Some income tax debt can be wiped out in bankruptcy if it meets strict timing rules. Learn when bankruptcy can eliminate tax debt and when it can't.
7 min read · Last verified 2026-07-03
Bankruptcy can eliminate some income tax debt, but only when the tax is old enough to clear three specific timing tests. Recent taxes, payroll taxes, and debts tied to fraud or an unfiled return stay with you no matter which chapter you file. Almost every tax discharge question comes down to which side of that line your debt falls on.
Can Bankruptcy Wipe Out Tax Debt?
Income tax is the one kind of tax that bankruptcy sometimes discharges. Federal law sorts tax claims into two buckets. Recent taxes are priority claims under 11 U.S.C. § 507(a)(8), and priority taxes cannot be discharged. Older income taxes fall out of priority and become ordinary unsecured debt, which means they can be wiped out like a credit card balance if they also satisfy the exceptions in 11 U.S.C. § 523.

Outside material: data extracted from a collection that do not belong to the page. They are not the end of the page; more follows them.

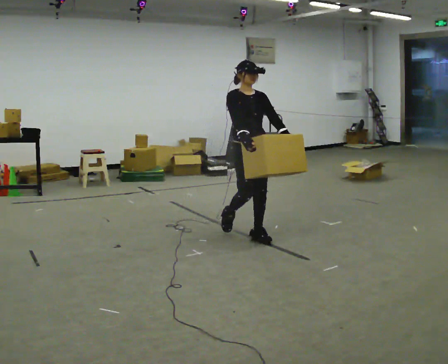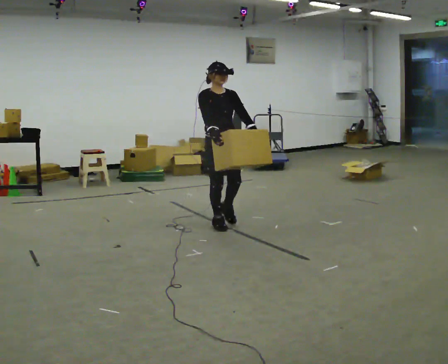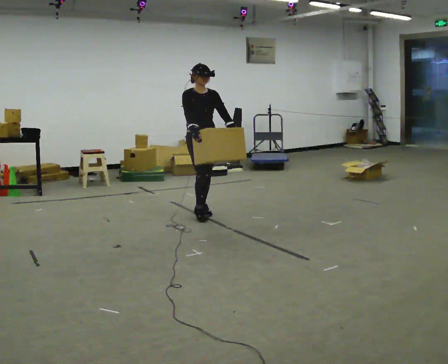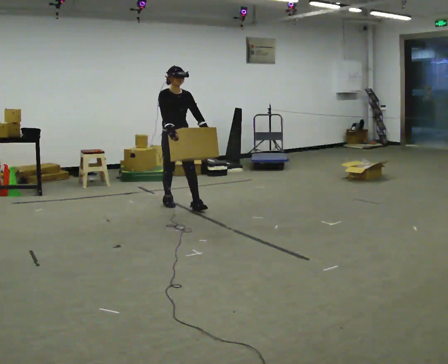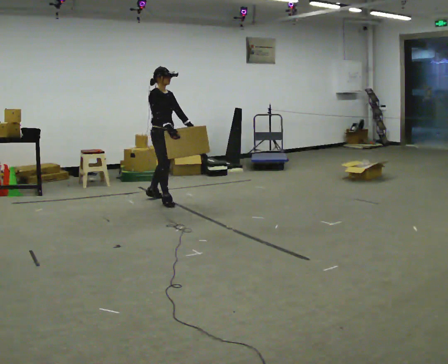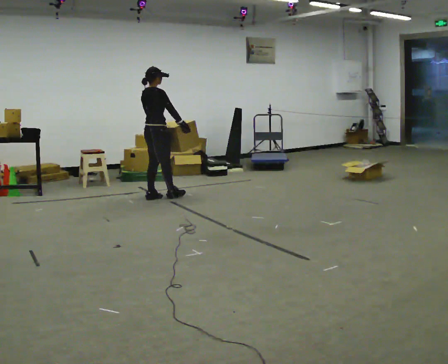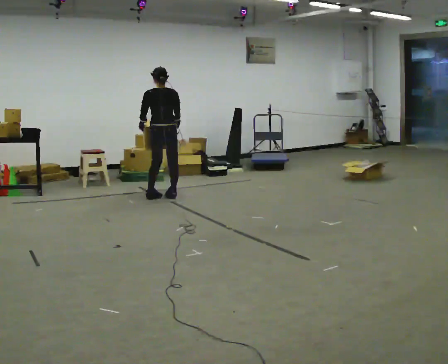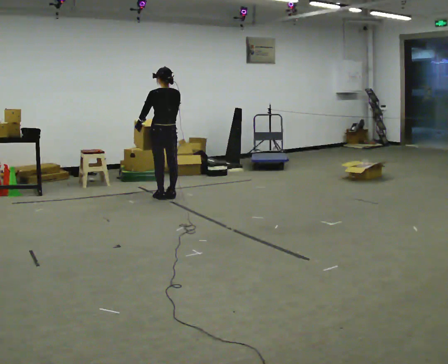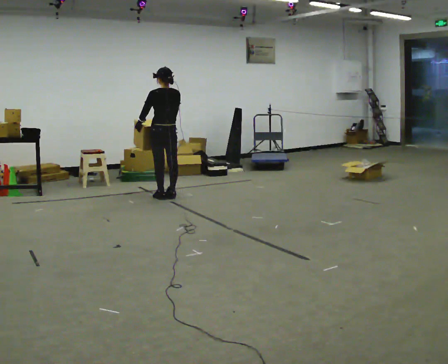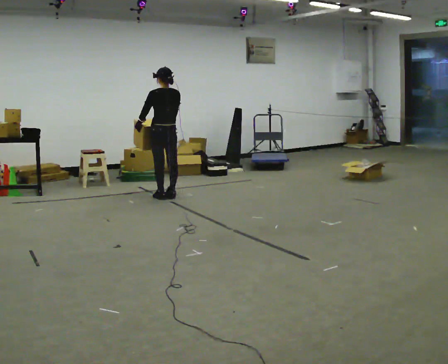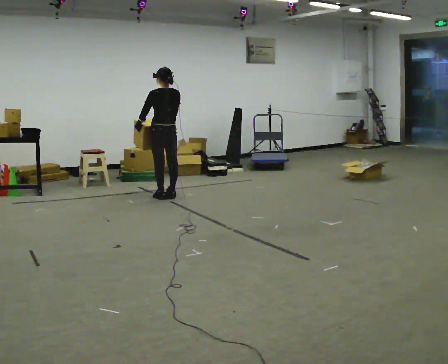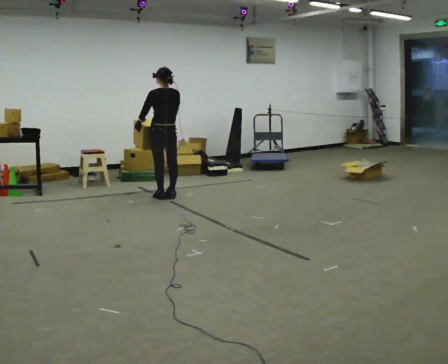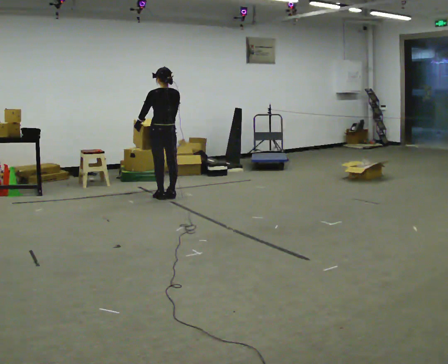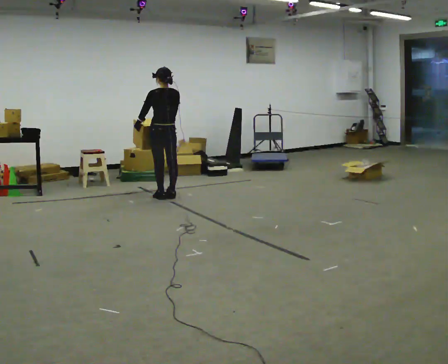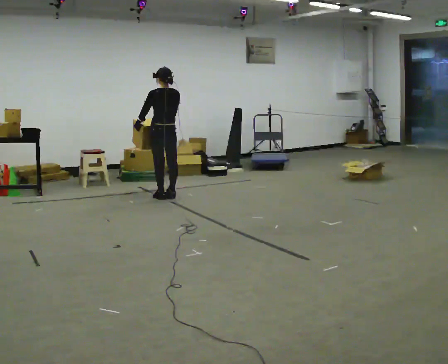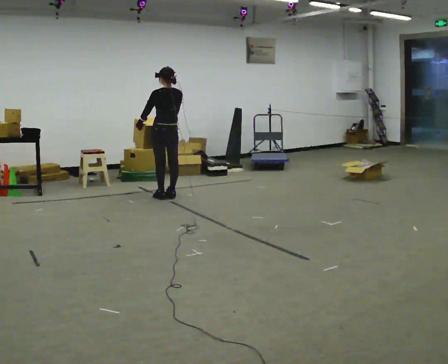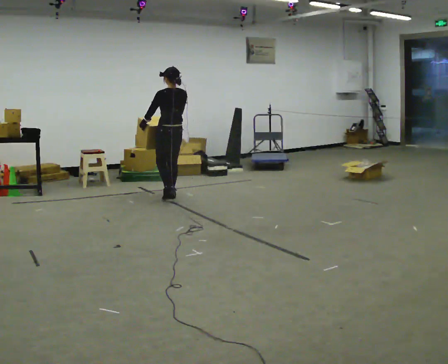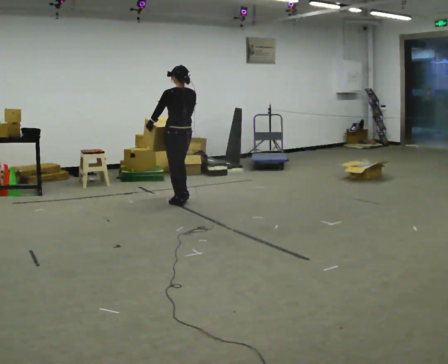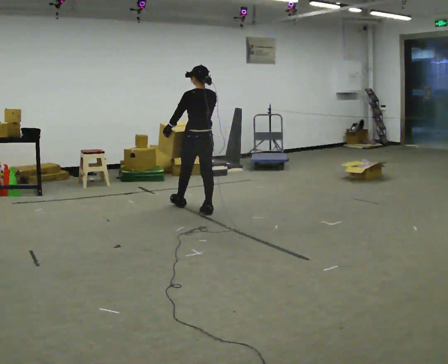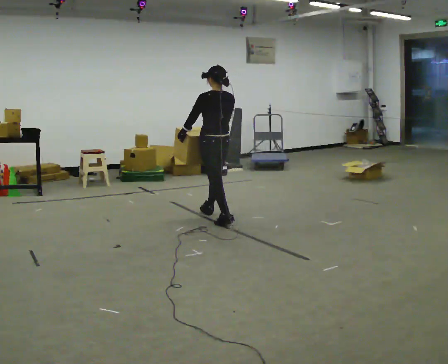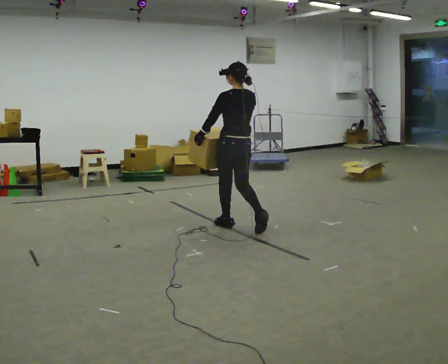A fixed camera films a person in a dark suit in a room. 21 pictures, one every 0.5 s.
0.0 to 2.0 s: The part of the body nearest the lens slides to the right as the person turns to their left by about 30 degrees. In the picture they go away from the camera and to the left, about 1.5 m in 3 steps, which for them is backward.
2.0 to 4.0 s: The person turns about 150 degrees to their left, counterclockwise seen from above, so the part of the body nearest the lens slides to the right. In the picture they go away from the camera, about 0.25 m in 2 steps.
4.0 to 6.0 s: The person keeps their place and pose.
6.0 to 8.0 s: The person moves a little, or ends about where they began.
8.0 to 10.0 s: In the picture they go toward the camera and to the right, about 1.5 m in 3 steps, which for them is backward.
The film runs backward here.

So there is no general answer to "does bankruptcy eliminate tax debt." What matters is whether your tax debt has aged past the priority window. The same logic applies in every state, because states model their own tax claims on the federal priority scheme. Whether you owe the California Franchise Tax Board or the New York State Department of Taxation and Finance, the state income tax gets the same treatment federal income tax would under § 507(a)(8).
The Timing Rules for Dischargeable Taxes
Three tests decide whether an income tax is old enough to discharge. The tax has to pass all three. Miss one and the debt keeps its priority status and follows you out of bankruptcy.

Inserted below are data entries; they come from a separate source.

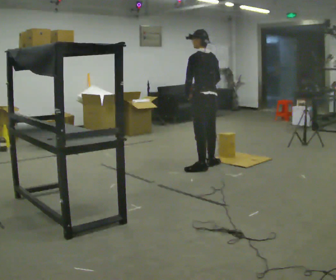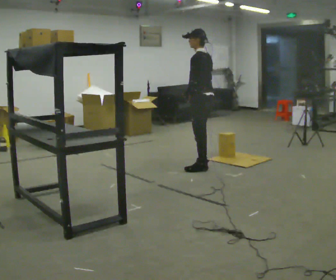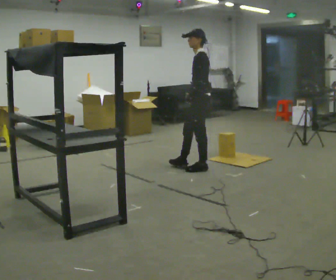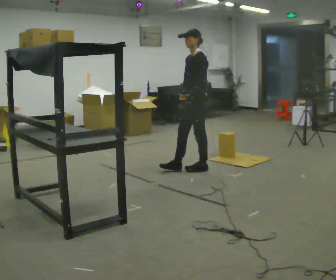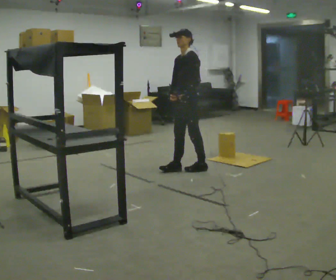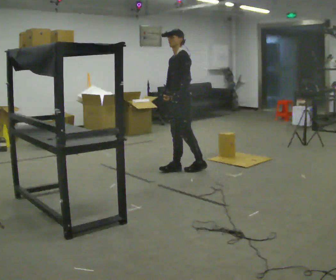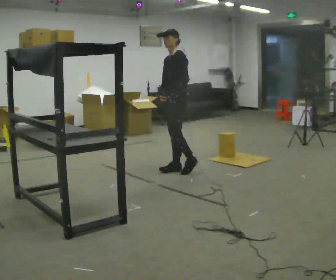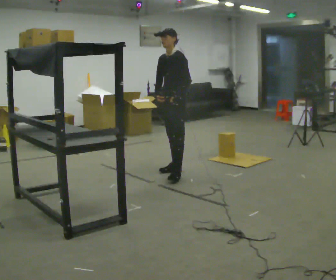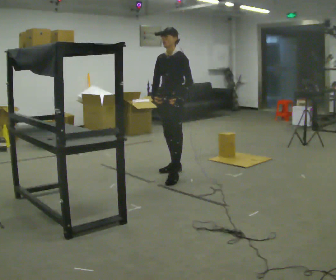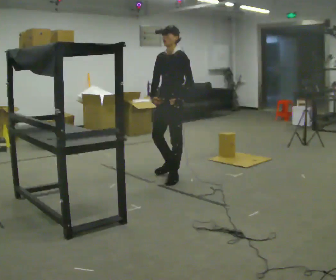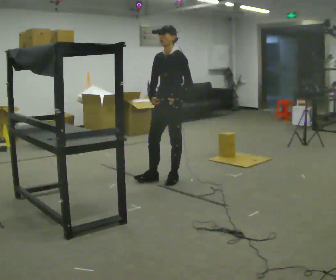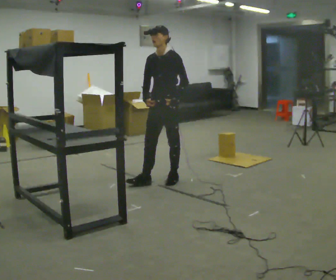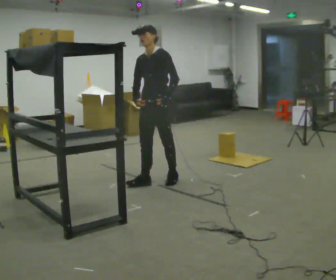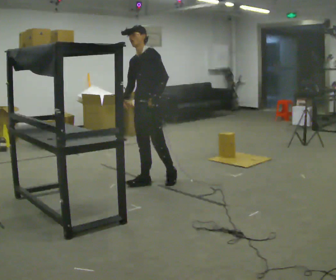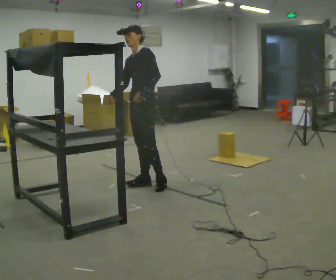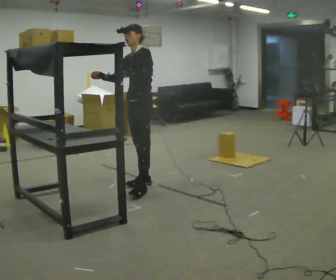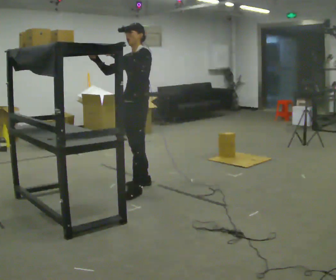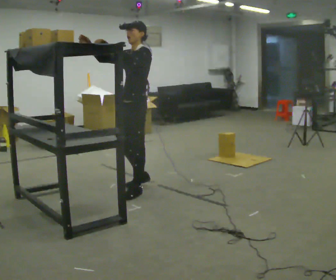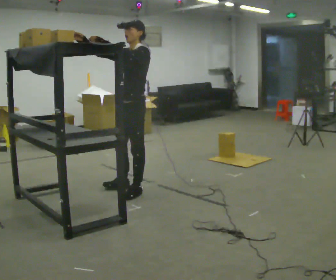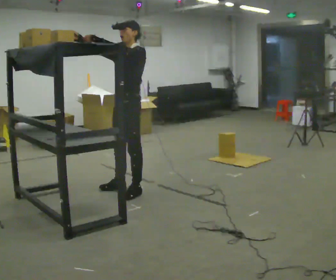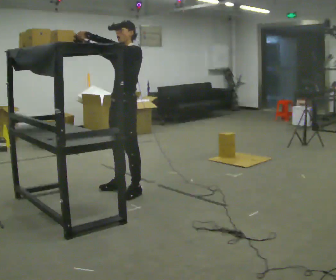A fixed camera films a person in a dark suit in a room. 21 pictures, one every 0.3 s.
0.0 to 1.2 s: The person turns about 75 degrees to their left, counterclockwise seen from above, so the part of the body nearest the lens slides to the right. In the picture they go to the left, about 0.25 m in 1 step. In the picture their right hand goes to the left.
1.2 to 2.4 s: In the picture they go toward the camera and to the left, about 0.25 m in 1 step, which for them is forward.
2.4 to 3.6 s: In the picture they go toward the camera and to the left, about 0.25 m in 1 step, which for them is forward.
3.6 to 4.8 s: In the picture they go toward the camera and to the left, about 0.25 m in 1 step, which for them is forward. In the picture their left hand goes upward.
4.8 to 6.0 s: The person moves a little, or ends about where they began.
The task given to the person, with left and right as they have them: 1. Bring the boxes over from the shelf one at a time. 2. Stack them on the pallet with the heaviest at the bottom. 3. Do not stack more than three high. 4. Tell the operator when you are finished.
The film runs forward here.

| Test | What it requires |
|---|---|
| Three-year rule | The return was due, including extensions, more than 3 years before you file. |
| Two-year rule | You actually filed the return more than 2 years before you file. |
| 240-day rule | The tax was assessed more than 240 days before you file. |
Take a concrete case. Your 2022 federal return was due in April 2023. By mid-2026 it is more than three years past due, and if you filed it on time and the IRS assessed it promptly, all three clocks have run. That tax is now dischargeable. Your 2025 taxes, due in April 2026, would not be: the three-year clock has barely started.
Several events can pause these clocks. A prior bankruptcy, an offer in compromise, or a collection due process appeal can each extend the waiting period, because the law stops the clock while collection is legally on hold. This is exactly the kind of detail worth confirming with a professional before you file, since being a few weeks early can turn a dischargeable tax into a permanent one.
Which Taxes Can Never Be Discharged
Some taxes are off the table regardless of age. The timing rules never rescue them.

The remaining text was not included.